The Federal High Court in Abuja on Monday, April 20, 2026, dismissed a suit filed against the Minister of State for Petroleum Resources (Oil), Heineken Lokpobiri, challenging the proposed allocation of four oil fields.

Justice Emeka Nwite, in a ruling on the preliminary objections filed by the defence, held that the suit was incompetent.

Justice Nwite held that the plaintiffs, having failed to serve the defendants with a valid pre-action notice in compliance with Section 308 of the Petroleum Industry Act (PIA), 2021, robbed the court off the jurisdiction to hear the suit.

Heineken Lokpobiri
Sen. Heineken Lokpobiri, Minister of State for Petroleum Resources (Oil)

He said a valid pre-action letter would notify the defendants of the plaintiffs’ grievances, the intention to seek legal redress within a definite time, the declaratory reliefs that would be sought, among others.

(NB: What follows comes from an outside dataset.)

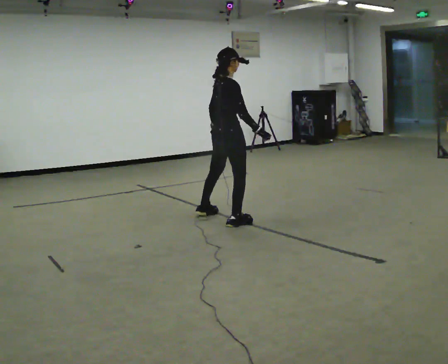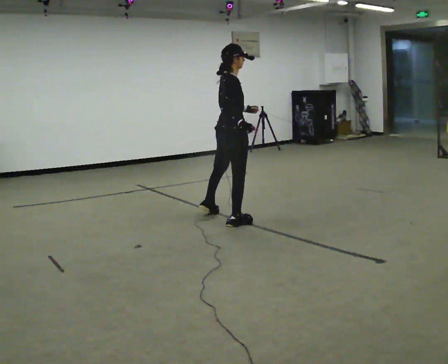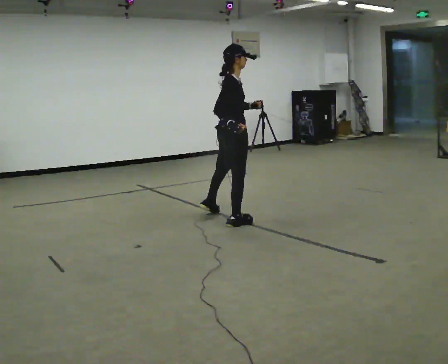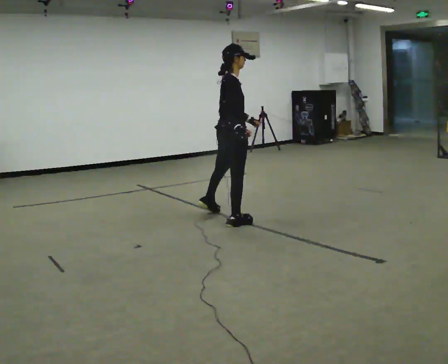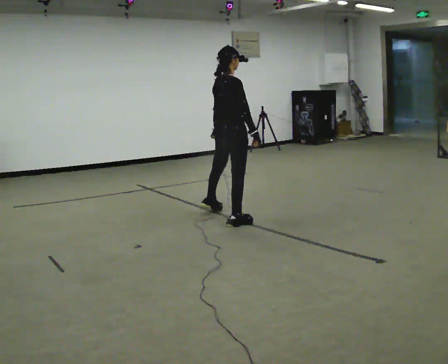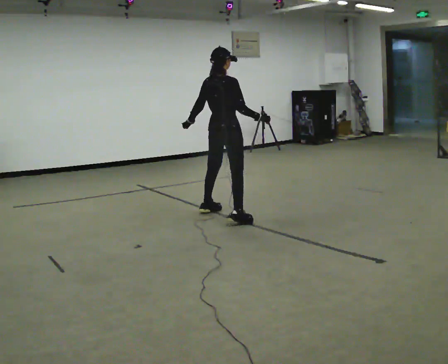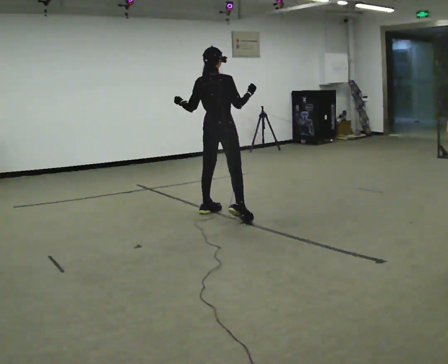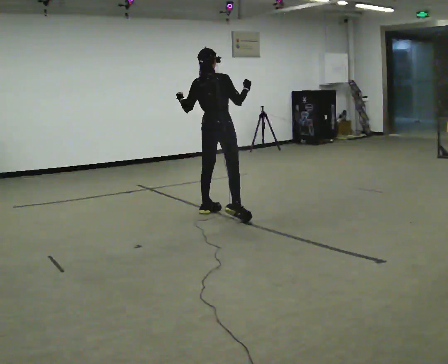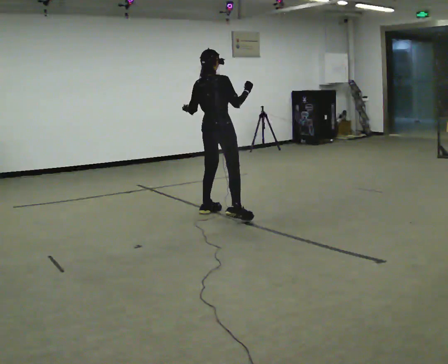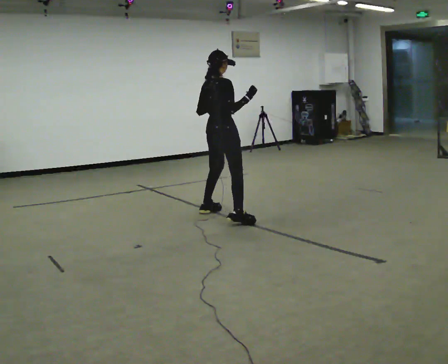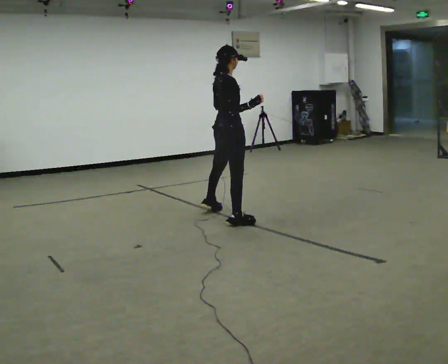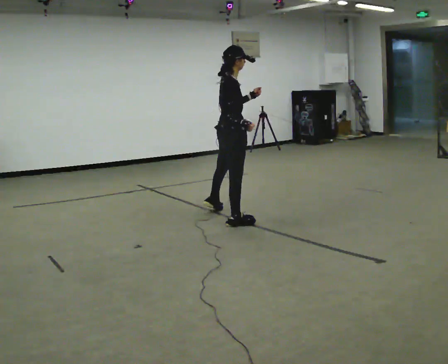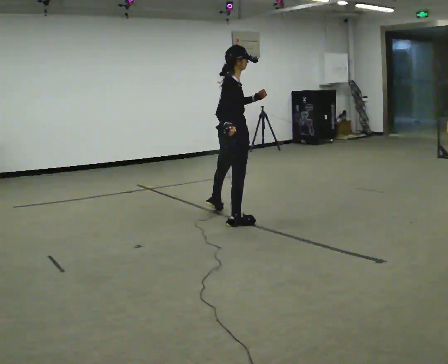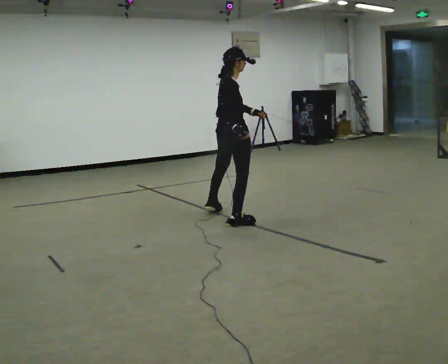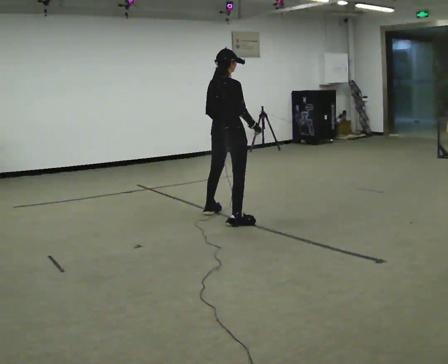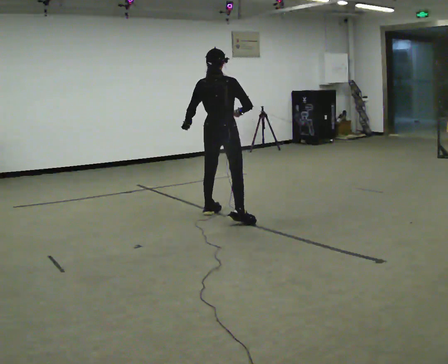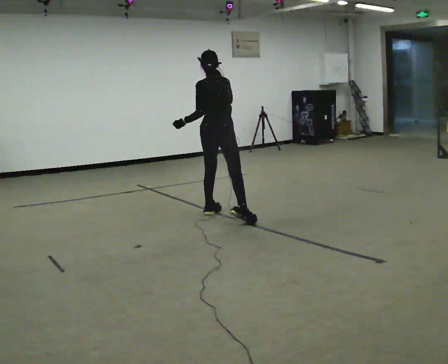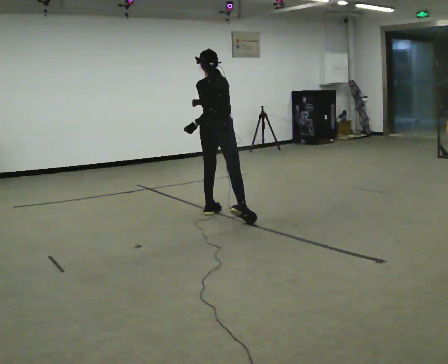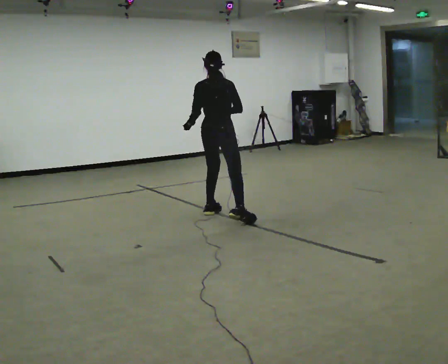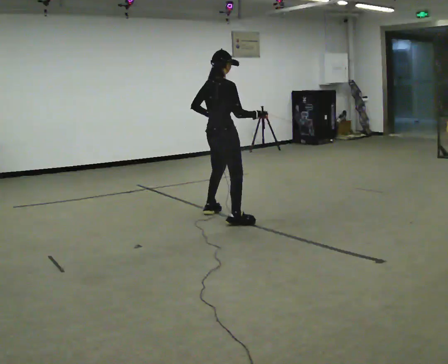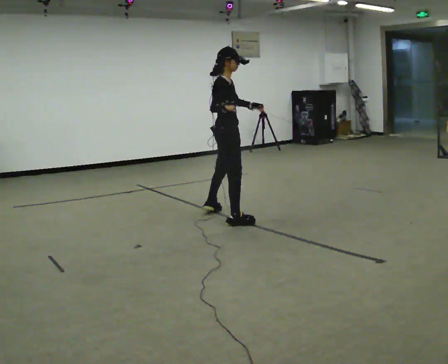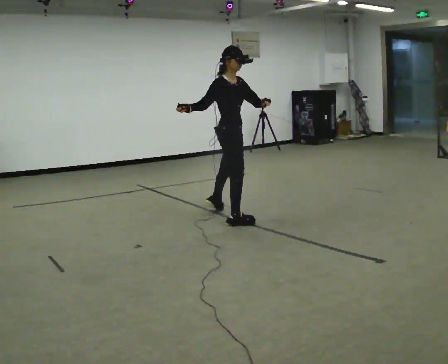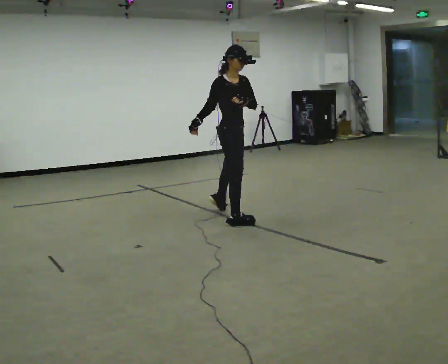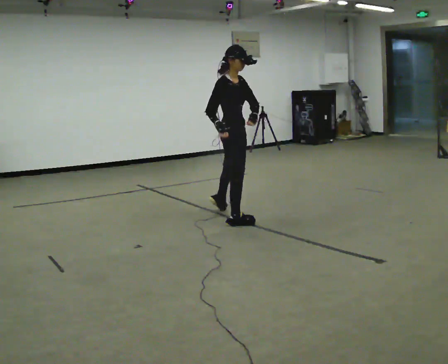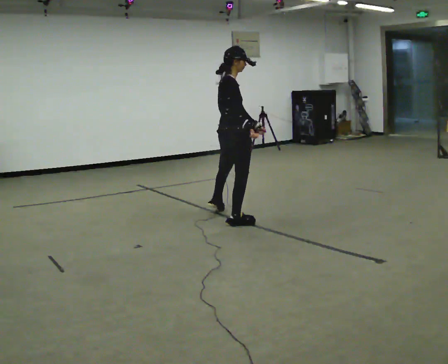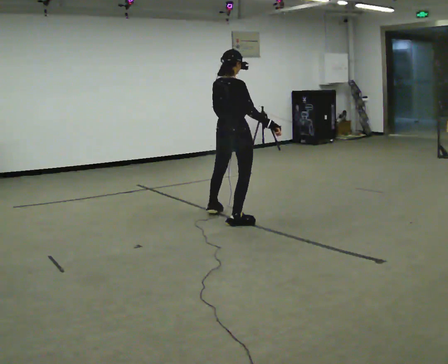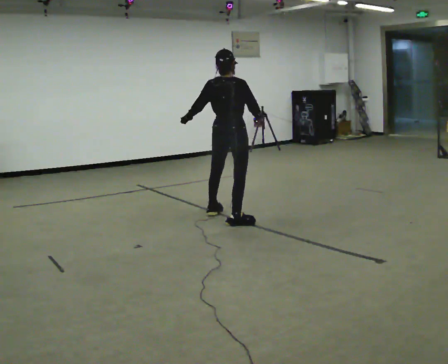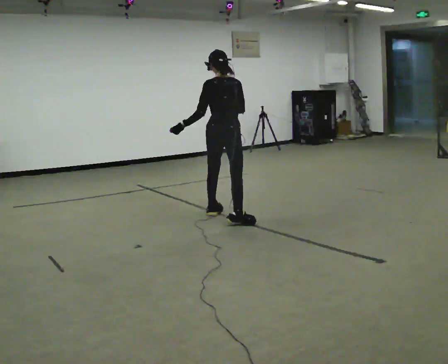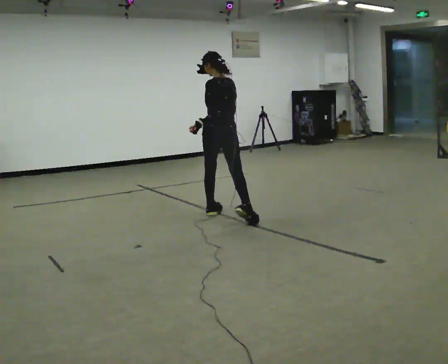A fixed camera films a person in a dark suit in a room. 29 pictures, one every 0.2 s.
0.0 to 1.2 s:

The judge, who said the plaintiffs’ letter which they claimed they served on the defendants before instituting the suit did not meet the condition precedent, said it fell short of the statutory prescriptions for a legal notice.

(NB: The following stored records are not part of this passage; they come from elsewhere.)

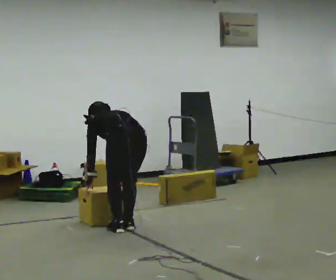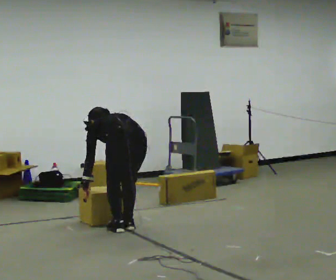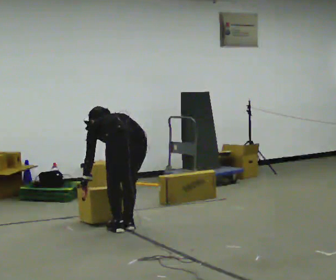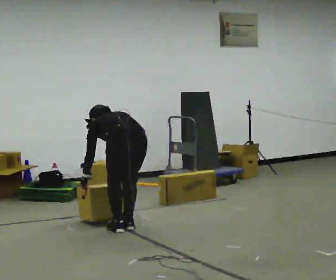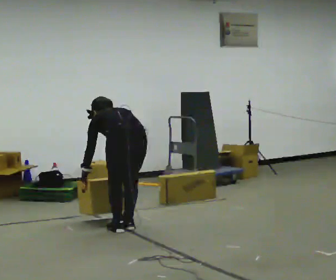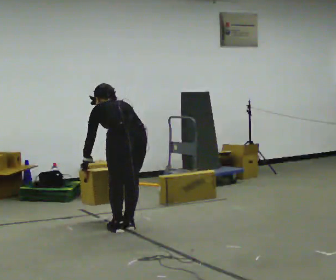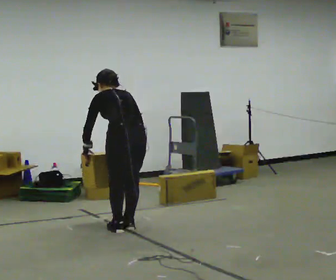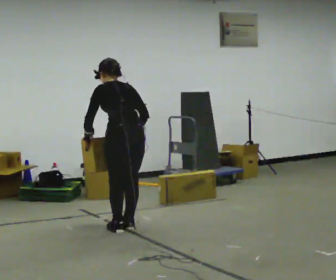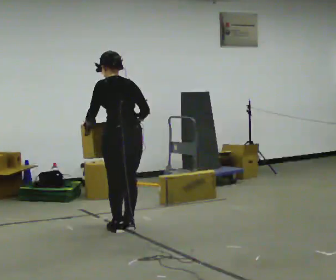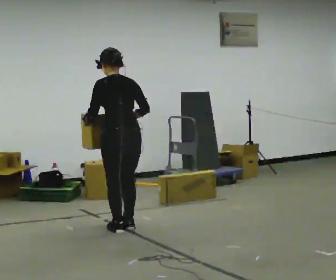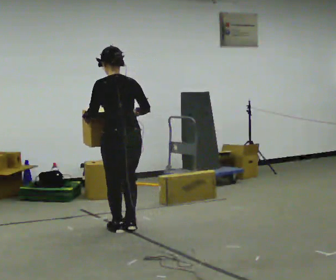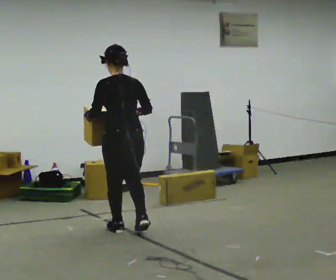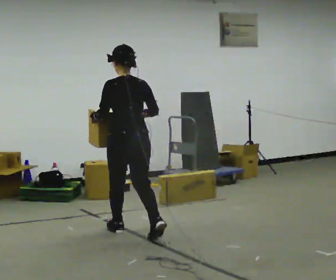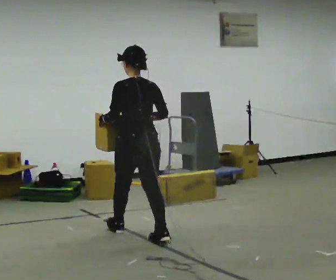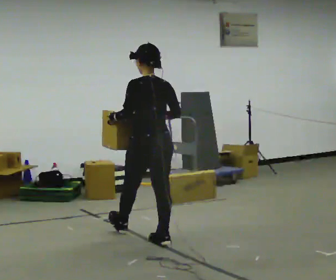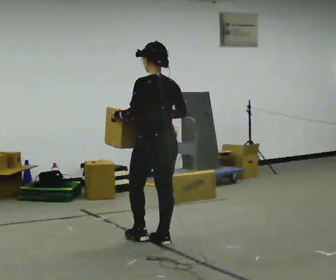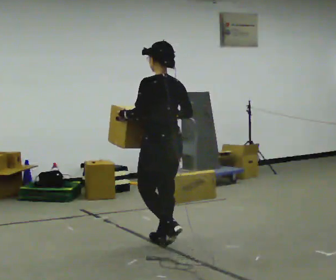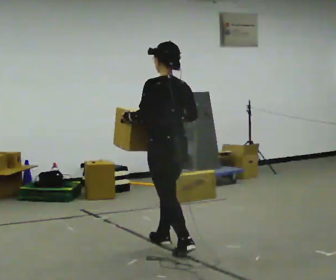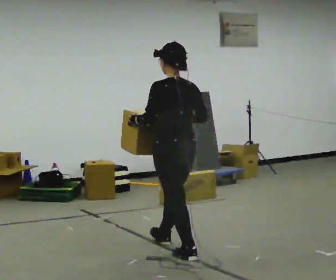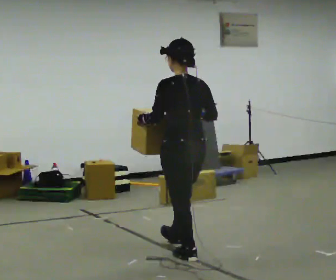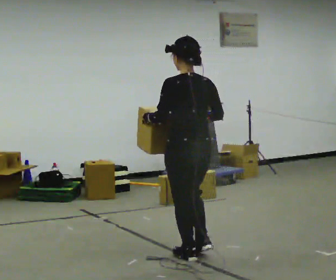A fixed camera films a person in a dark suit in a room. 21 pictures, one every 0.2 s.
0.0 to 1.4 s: The shoulders move upward. The upper body tips toward the camera, its near side rolling downward, as they lean back or straighten. In the picture their left hand goes upward.
1.4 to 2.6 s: In the picture they go toward the camera, about 0.25 m in 1 step, which for them is backward. The upper body tips toward the camera, its near side rolling downward, as they lean back or straighten.
2.6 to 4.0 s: In the picture they go toward the camera and to the right, about 1 m in 2 steps, which for them is backward.
The film runs backward here.

He said though jurisdiction is fundamental in the decision of a court, a judgment well delivered will be a nullity without jurisdiction.

Justice Nwite also agreed with the argument of the petroleum minister that the plaintiffs failed to disclose reseanable cause of action in the suit.

He said serious jurisdiction and competence issues had arisen which cannot be brushed aside.

“The objection of the 1st defendant succeeds.

“Therefore, this court lacks jurisdiction and the suit is therefore dismissed. I so hold,” he ruled.

The plaintiffs; Hi-Rev Oil Limited and Hi-Rev Exploration and Production Ltd, had instituted the case, marked: FHC/ABJ/CS/2678/2025.

The plaintiffs sued the Minister of Petroleum, Attorney-General of the Federation (AGF), Lateef Fagbemi, SAN, and the Nigeria Upstream Petroleum Regulatory Commission (NUPRC) as 1st to 3rd defendants respectively.

Justice Nwite had, on Dec. 22, 2025, ordered the minister, the AGF and NUPRC to show cause why the reliefs of the plaintiffs in their motion ex-parte should not be granted.

The judge made the order after Ambrose Unaeze, who appeared for the plaintiffs, moved the motion dated and filed on Dec. 11, 2025.

The oil and gas companies had sought an order of interim injunction restraining the defendants or whomsoever is acting on their behest from selling, assigning or allocating the Yorla South (Petroleum Prospecting Licence (PPL) 2A32 – OML 11) located in Rivers.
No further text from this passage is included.